Department of Chemistry, University of California-Davis, One Shields Avenue, Davis, California 95616, USA.
J Am Chem Soc. 2013 Feb 20;135(7):2509-11. doi: 10.1021/ja3101243. Epub 2013 Feb 5.
The catalytic effects of perdeuterating the pyridoxal phosphate-dependent enzyme alanine racemase from Geobacillus stearothermophilus are reported. The mass of the heavy perdeuterated form is ~5.5% greater than that of the protiated form, causing kinetic isotope effects (KIEs) of ~1.3 on k(cat) and k(cat)/K(M) for both L- and D-alanine. These values increase when Cα-deuterated alanine is used as the substrate. The heavy-enzyme KIEs of ~3 on k(cat)/K(M) with deuterated substrates are greater than the product of the individual heavy-enzyme and primary substrate KIEs. This breakdown of the rule of the geometric mean is likely due to coupled motion between the protein and the proton-transfer reaction coordinate in the rate-limiting step. These data implicate a direct role for protein vibrational motions in barrier crossing for proton-transfer steps in alanine racemase.

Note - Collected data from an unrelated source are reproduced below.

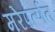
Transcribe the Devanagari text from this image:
मरेपर्त्णत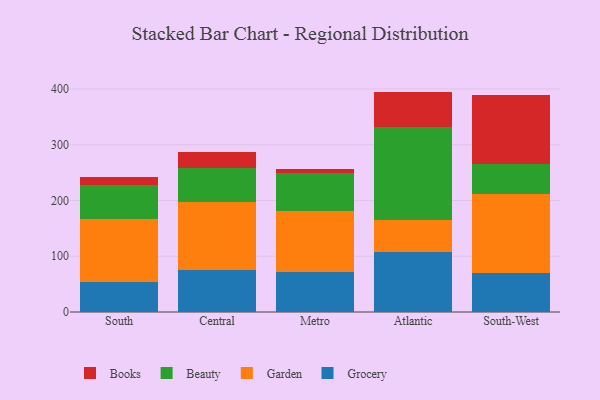
{"axis": {"x": "Region", "y": "Churn Rate (%)"}, "legend": ["Beauty", "Books", "Garden", "Grocery"], "data": [{"x": "South", "y": 53.6, "type": "Grocery"}, {"x": "South", "y": 113.2, "type": "Garden"}, {"x": "South", "y": 60.3, "type": "Beauty"}, {"x": "South", "y": 14.7, "type": "Books"}, {"x": "Central", "y": 75.2, "type": "Grocery"}, {"x": "Central", "y": 122.0, "type": "Garden"}, {"x": "Central", "y": 61.8, "type": "Beauty"}, {"x": "Central", "y": 28.1, "type": "Books"}, {"x": "Metro", "y": 71.0, "type": "Grocery"}, {"x": "Metro", "y": 110.2, "type": "Garden"}, {"x": "Metro", "y": 68.0, "type": "Beauty"}, {"x": "Metro", "y": 7.9, "type": "Books"}, {"x": "Atlantic", "y": 107.9, "type": "Grocery"}, {"x": "Atlantic", "y": 57.0, "type": "Garden"}, {"x": "Atlantic", "y": 166.9, "type": "Beauty"}, {"x": "Atlantic", "y": 63.5, "type": "Books"}, {"x": "South-West", "y": 69.1, "type": "Grocery"}, {"x": "South-West", "y": 141.9, "type": "Garden"}, {"x": "South-West", "y": 55.1, "type": "Beauty"}, {"x": "South-West", "y": 123.0, "type": "Books"}]}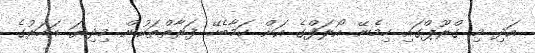
އަދި މި ގްރޫޕްގައި ހިމެނޭ އޯލަފްގެ އަށް ކަމާބެހޭ ފަރާތްތަކުން މިދިޔަ އަހަރުގެ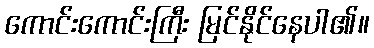
ကောင်းကောင်းကြီး မြင်နိုင်နေပါ၏။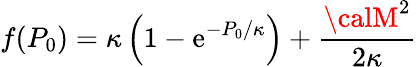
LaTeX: f(P_{0})=\kappa\left(1-\mathrm{e}^{-P_{0}/\kappa}\right)+\frac{{{\calM}^{2}}}{{2\kappa}}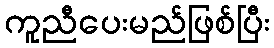
ကူညီပေးမည်ဖြစ်ပြီး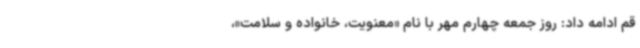
قم ادامه داد: روز جمعه چهارم مهر با نام «معنویت، خانواده و سلامت»،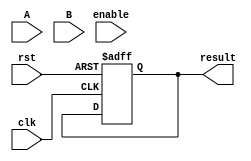
module booth_multiplier(
    input wire clk,            // Clock signal
    input wire rst,            // Reset signal
    input wire enable,         // Enable signal to start computation
    input wire [31:0] A,       // Input multiplicand
    input wire [31:0] B,       // Input multiplier
    output reg [63:0] result,  // Output result

    // Add any additional control signals as needed
);

reg [63:0] partial_product;
reg [31:0] product_high, product_low;
reg [6:0] current_stage;
reg sign_A, sign_B;

always @(posedge clk or posedge rst) begin
    if (rst) begin
        result <= 64'b0;
        partial_product <= 64'b0;
        current_stage <= 7'b0000000;
    end else if (enable) begin
        case(current_stage)
            7'b0000000: begin
                sign_A <= A[31];
                sign_B <= B[31];
                product_high <= {32{A[31]}};
                product_low <= A;
                current_stage <= 7'b0000001;
            end
            7'b0000001: begin
                // Perform partial product generation
                partial_product <= {product_low, 32'b0};
                current_stage <= 7'b0000010;
            end
            7'b0000010: begin
                // Perform Booth encoding
                // Update current_stage based on Booth encoding algorithm
            end
            // Add other stages as needed
        endcase
    end
end

always @* begin
    // Handle overflow conditions and adjust result accordingly
    if (partial_product[63] != partial_product[62]) begin
        if (sign_A != sign_B) begin
            if (result[63:32] == 32'b1111_1111_1111_1111_1111_1111_1111_1111) begin
                         // handle overflow
                     end
                 end
             end
end

endmodule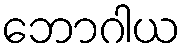
ဘောဂါယ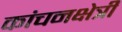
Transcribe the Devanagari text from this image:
कांचनक्षेत्री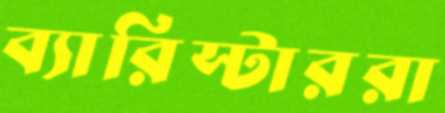
ব্যারিস্টাররা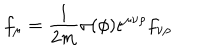
f _ { \mu } = \frac { 1 } { 2 m } \sigma ( \phi ) \epsilon ^ { \mu \nu \rho } f _ { \nu \rho }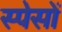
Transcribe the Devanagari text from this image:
स्पेसों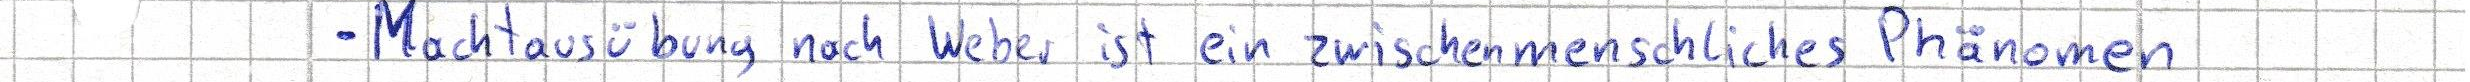
- Machtausübung nach Weber ist ein zwischenmenschliches Phänomen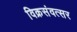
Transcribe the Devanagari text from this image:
विक्रसंवत्सर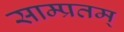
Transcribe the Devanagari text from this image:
साम्प्रतम्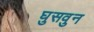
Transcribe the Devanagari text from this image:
घुसवुन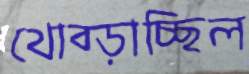
থোব্‌ড়াচ্ছিল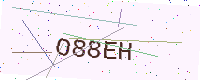
Text: O88EH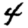
Digit: 4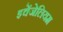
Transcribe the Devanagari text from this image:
इवेंजेलियम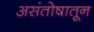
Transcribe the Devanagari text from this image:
असंतोषातून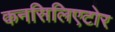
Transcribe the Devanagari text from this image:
कनसिलिएटोर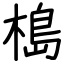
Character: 槝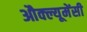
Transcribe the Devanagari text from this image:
औक्ल्यूमेंसी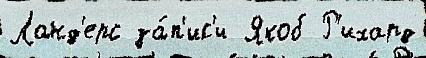
Ланд'ерс за́п'ис'и Якоб Р'ихард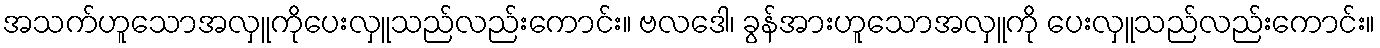
အသက်ဟူသောအလှူကိုပေးလှူသည်လည်းကောင်း။ ဗလဒေါ၊ ခွန်အားဟူသောအလှူကို ပေးလှူသည်လည်းကောင်း။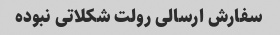
سفارش ارسالی رولت شکلاتی نبوده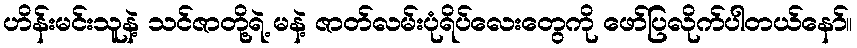
ဟိန်းမင်းသူနဲ့ သင်ဇာတို့ရဲ့ မနဲ့ ဇာတ်လမ်းပုံရိပ်လေးတွေကို ဖော်ပြလိုက်ပါတယ်နော်။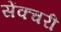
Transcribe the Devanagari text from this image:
सेंक्चरी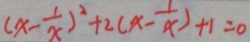
( x - \frac { 1 } { x } ) ^ { 2 } + 2 ( x - \frac { 1 } { x } ) + 1 = 0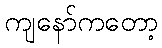
ကျနော်ကတော့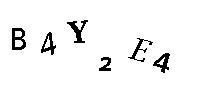
B4Y2E4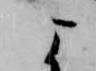
よ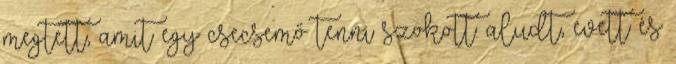
megtett, amit egy csecsemő tenni szokott: aludt, evett és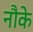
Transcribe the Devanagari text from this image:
नौके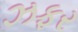
ઝફર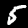
Label: 5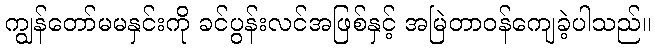
ကျွန်တော်မမနှင်းကို ခင်ပွန်းလင်အဖြစ်နှင့် အမြဲတာဝန်ကျေခဲ့ပါသည်။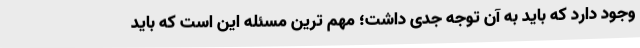
وجود دارد که باید به آن توجه جدی داشت؛ مهم ترین مسئله این است که باید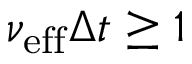
\nu _ { \mathrm { e f f } } \Delta t \ge 1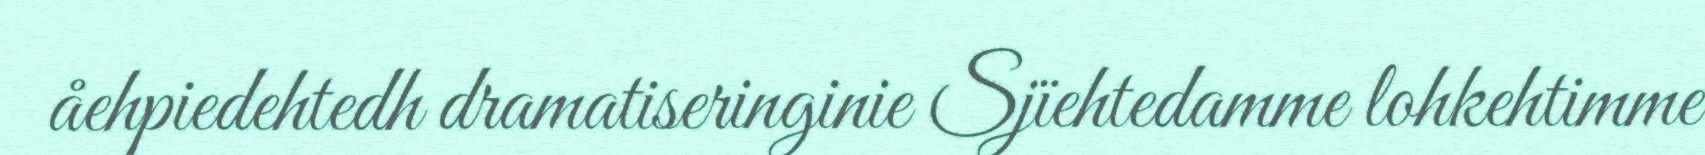
åehpiedehtedh dramatiseringinie Sjïehtedamme lohkehtimme
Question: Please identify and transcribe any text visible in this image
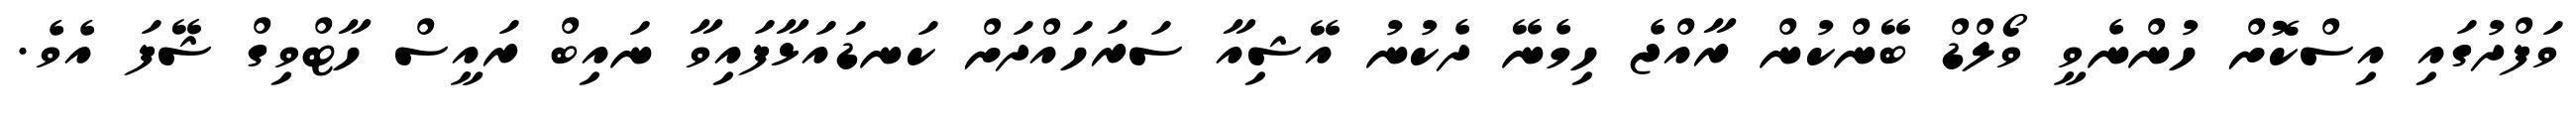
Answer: ވަފްދުގައި އިސްކޮށް ހުންނެވީ ވޯލްޑް ބޭންކުން ރާއްޖެ ހިމެނޭ ދެކުނު އޭޝިއާ ސަރަހައްދަށް ކަނޑައަޅާފައިވާ ނައިބް ރައީސް ހާޓްވިގް ޝޭފަ އެވެ.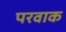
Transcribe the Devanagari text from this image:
परवाक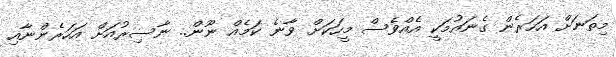
މިތަނަށް އަހަރެން ގެނައުމަކީ އެއްވެސް މީހަކަށް ވާނެ ކަމެއް ނޫން.. ނާސިރުއަށް އަހަރެންނާއި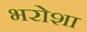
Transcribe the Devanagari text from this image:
भरोशा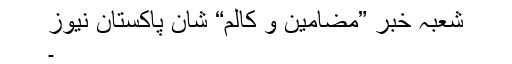
شعبہ خبر ”مضامین و کالم“ شان پاکستان نیوز
۔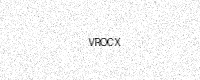
Text: VROCX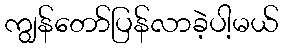
ကျွန်တော်ပြန်လာခဲ့ပါ့မယ်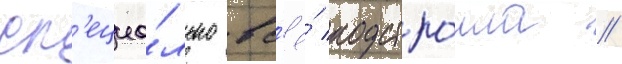
сп'ециа́льно вс'ё́ подстро́ила /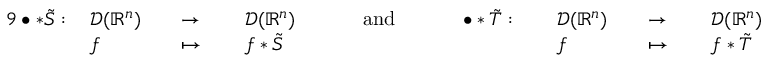
{ \begin{array} { r l r l r l r l r l r l r l r l } { { 9 } \bullet \ast { \tilde { S } } : \, } & { { \mathcal { D } } ( \mathbb { R } ^ { n } ) } & & { \to \, } & & { { \mathcal { D } } ( \mathbb { R } ^ { n } ) } & & { \quad { \mathrm { ~ a n d ~ } } \quad } & & { \bullet \ast { \tilde { T } } : \, } & & { { \mathcal { D } } ( \mathbb { R } ^ { n } ) } & & { \to \, } & & { { \mathcal { D } } ( \mathbb { R } ^ { n } ) } \\ & { f } & & { \mapsto \, } & & { f \ast { \tilde { S } } } & & { } & & { } & & { f } & & { \mapsto \, } & & { f \ast { \tilde { T } } } \end{array} }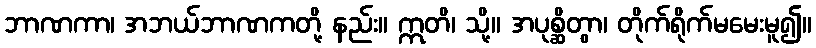
ဘာဏကာ၊ အဘယ်ဘာဏကတို့ နည်း။ ဣတိ၊ သို့။ အပုစ္ဆိတွာ၊ တိုက်ရိုက်မမေးမူ၍။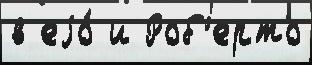
в еjо́ и Роб'ерто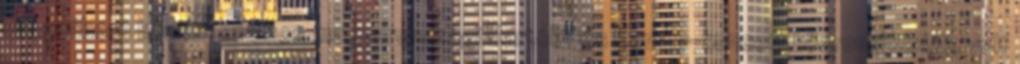
világháború között számos magyarországi Bartók- és Kodály-koncert közreműködője volt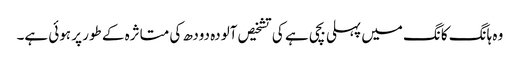
وہ ہانگ کانگ میں پہلی بچی ہے کی تشخیص آلودہ دودھ کی متاثرہ کے طور پر ہوئی ہے۔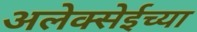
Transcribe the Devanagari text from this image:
अलेक्सेईच्या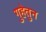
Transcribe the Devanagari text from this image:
गुहेतुन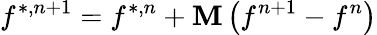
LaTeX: {f^{*,n+1}}={f^{*,n}}+{\mathbf{M}}\left({{f^{n+1}}-{f^{n}}}\right)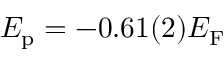
E _ { \mathrm { p } } = - 0 . 6 1 ( 2 ) E _ { \mathrm { F } }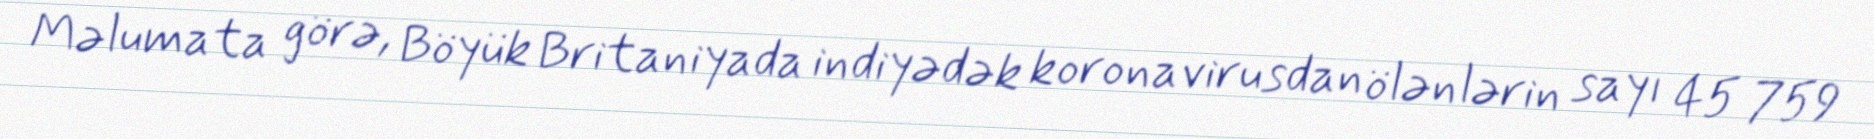
Məlumata görə, Böyük Britaniyada indiyədək koronavirusdan ölənlərin sayı 45 759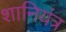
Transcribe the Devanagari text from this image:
शानियंत्र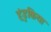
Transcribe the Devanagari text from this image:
हंडुकिया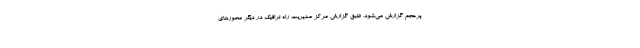
پرحجم گزارش می‌شود. طبق گزارش مرکز مدیریت راه ترافیک در دیگر محورهای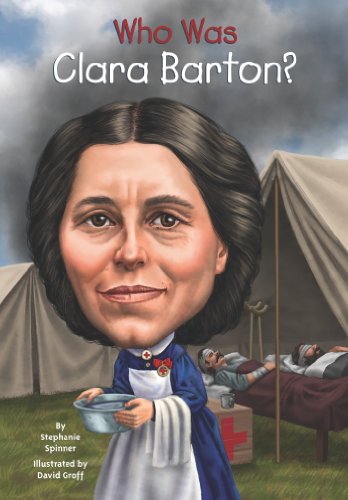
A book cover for Who Was Clara Barton?; Stephanie Spinner; Children's Books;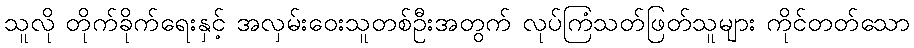
သူလို တိုက်ခိုက်ရေးနှင့် အလှမ်းဝေးသူတစ်ဦးအတွက် လုပ်ကြံသတ်ဖြတ်သူများ ကိုင်တတ်သော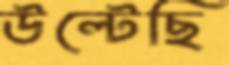
উল্‌টেছি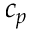
c _ { p }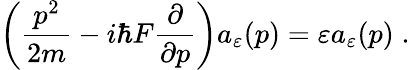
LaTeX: \left(\frac{p^{2}}{2m}-i\hbar F\frac{\partial}{\partial p}\right)a_{\varepsilon}(p)=\varepsilon a_{\varepsilon}(p)\; .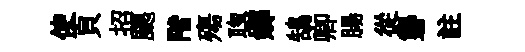
使頁招颸階殤聦嫏鵠卿腸從礱註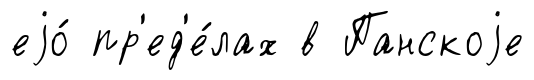
еjо́ пр'ед'е́лах в Панскоjе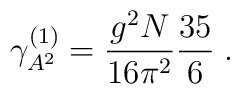
\gamma _{A^{2}}^{(1)}=\frac{g^{2}N}{16\pi ^{2}}\frac{35}{6}\;.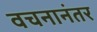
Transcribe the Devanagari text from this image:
वचनानंतर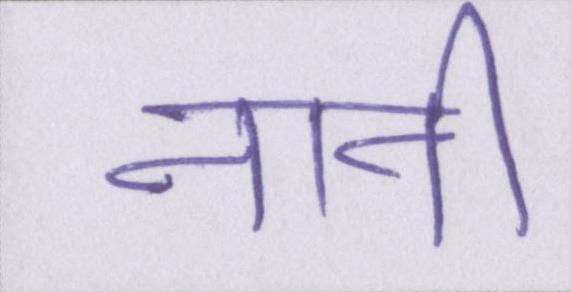
नानी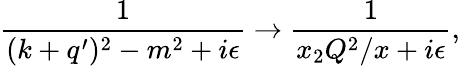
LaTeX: \frac{1}{(k+q^{\prime})^{2}-m^{2}+i\epsilon}\to\frac{1}{x_{2}Q^{2}/x+i\epsilon},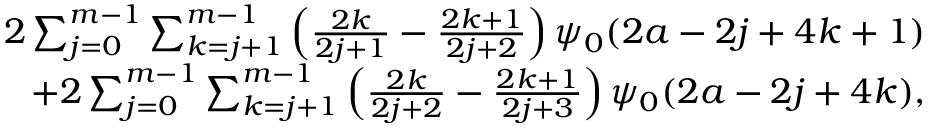
\begin{array} { r } { 2 \sum _ { j = 0 } ^ { m - 1 } \sum _ { k = j + 1 } ^ { m - 1 } \left( \frac { 2 k } { 2 j + 1 } - \frac { 2 k + 1 } { 2 j + 2 } \right) \psi _ { 0 } ( 2 a - 2 j + 4 k + 1 ) } \\ { + 2 \sum _ { j = 0 } ^ { m - 1 } \sum _ { k = j + 1 } ^ { m - 1 } \left( \frac { 2 k } { 2 j + 2 } - \frac { 2 k + 1 } { 2 j + 3 } \right) \psi _ { 0 } ( 2 a - 2 j + 4 k ) , } \end{array}

报道了来自嗜热脂肪芽孢杆菌的吡哆醛磷酸依赖酶丙氨酸消旋酶的去氘化的催化作用。重氘化形式的质量比氕化形式大约大 5.5%,导致 L-和 D-丙氨酸的 k(cat)和 k(cat)/K(M)的动力学同位素效应(KIEs)分别约为 1.3。当使用 Cα-氘代丙氨酸作为底物时,这些值会增加。重酶的 KIEs 与氘代底物的 k(cat)/K(M)分别约为 3,大于单个重酶和初始底物 KIEs 的乘积。这种打破几何平均值规则的情况可能是由于在限速步骤中蛋白质和质子转移反应坐标之间的耦合运动所致。这些数据表明,在丙氨酸消旋酶的质子转移步骤中,蛋白质振动运动在势垒穿越中起直接作用。